• [REQUIRED ACTION]
Return the full listing unchanged, excluding any images it contains.

SUPPLIED DATA: Begin

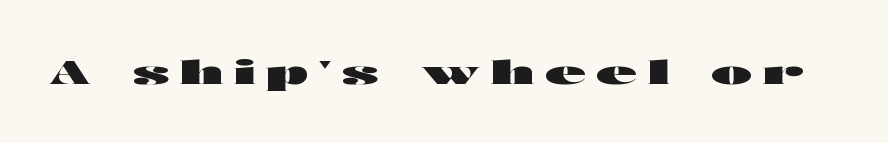
{"serif": "no", "italic": "no", "bold": "yes", "weight": "heavy", "width": "wide", "stroke_contrast": "high", "x_height": "medium", "monospaced": "no", "underline": "no", "letter_spacing": "wide", "letter_spacing_em": 0.34, "glyph_px": 33}
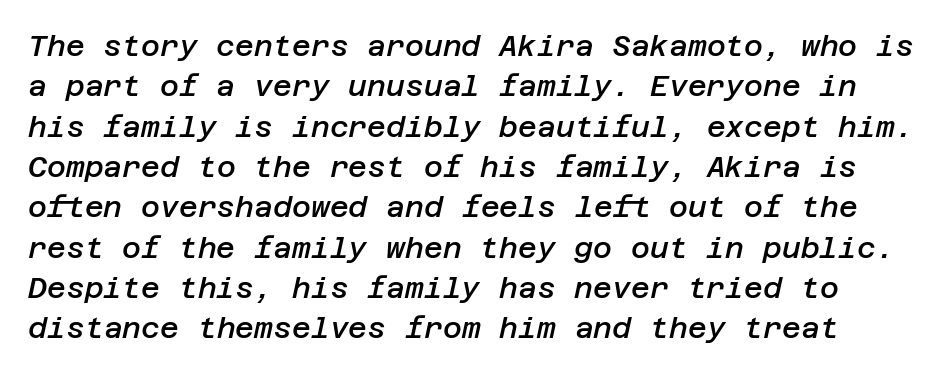
Q: Is the text bold? A: Semi-bold.
Q: Is the text italic (slanted)? A: Yes, it leans right by about 12 degrees.
Q: Is the text underlined? A: No.
Q: Is the spacing between letters normal or unusually wide? A: Normal.
Q: Is the spacing between lines tight, normal or loose? A: Normal.
Q: Width (condensed, normal, or wide)? A: Normal.
Q: Stroke contrast? A: Low.
Q: x-height? A: Large.
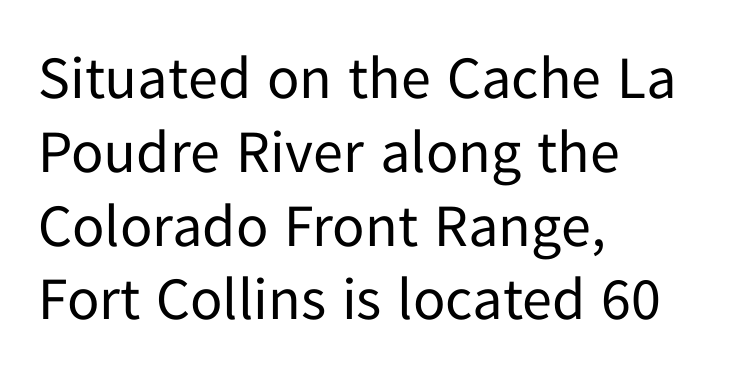
Letterform terminals end flat and unadorned throughout the passage. Underlining? Definitely not there. Note the varied advance widths — an 'i' is clearly narrower than an 'm'. Each stroke keeps to a modest, everyday thickness or less. What stands out about the letter spacing? Nothing — it is the standard amount. The specimen reads as upright at a glance.
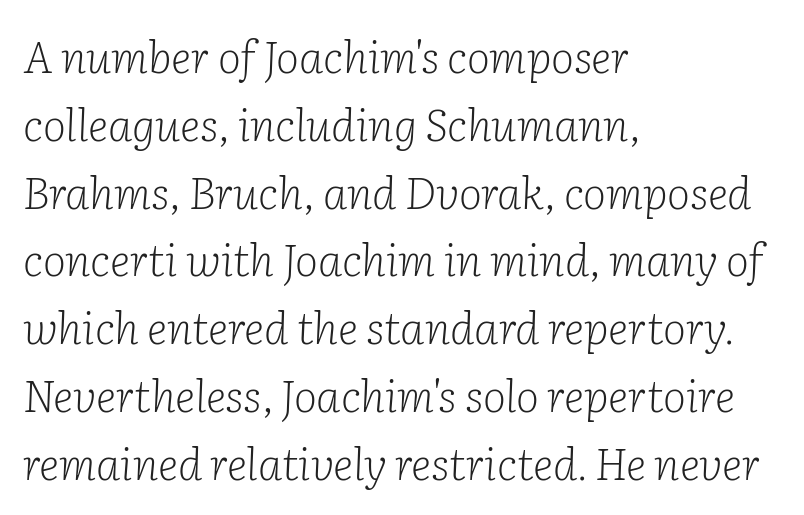
The image shows 44 px light serif type, italic (leaning right); set left-aligned, normal line spacing (1.54x), normal letter spacing, not underlined; low stroke contrast and a medium x-height.

SUPPLIED DATA: End

• [SOLUTION FOR THIS EXERCISE]
{"serif": "no", "italic": "no", "bold": "yes", "weight": "heavy", "width": "wide", "stroke_contrast": "high", "x_height": "medium", "monospaced": "no", "underline": "no", "letter_spacing": "wide", "letter_spacing_em": 0.34, "glyph_px": 33}
Q: Is the text bold? A: Semi-bold.
Q: Is the text italic (slanted)? A: Yes, it leans right by about 12 degrees.
Q: Is the text underlined? A: No.
Q: Is the spacing between letters normal or unusually wide? A: Normal.
Q: Is the spacing between lines tight, normal or loose? A: Normal.
Q: Width (condensed, normal, or wide)? A: Normal.
Q: Stroke contrast? A: Low.
Q: x-height? A: Large.
Letterform terminals end flat and unadorned throughout the passage. Underlining? Definitely not there. Note the varied advance widths — an 'i' is clearly narrower than an 'm'. Each stroke keeps to a modest, everyday thickness or less. What stands out about the letter spacing? Nothing — it is the standard amount. The specimen reads as upright at a glance.
The image shows 44 px light serif type, italic (leaning right); set left-aligned, normal line spacing (1.54x), normal letter spacing, not underlined; low stroke contrast and a medium x-height.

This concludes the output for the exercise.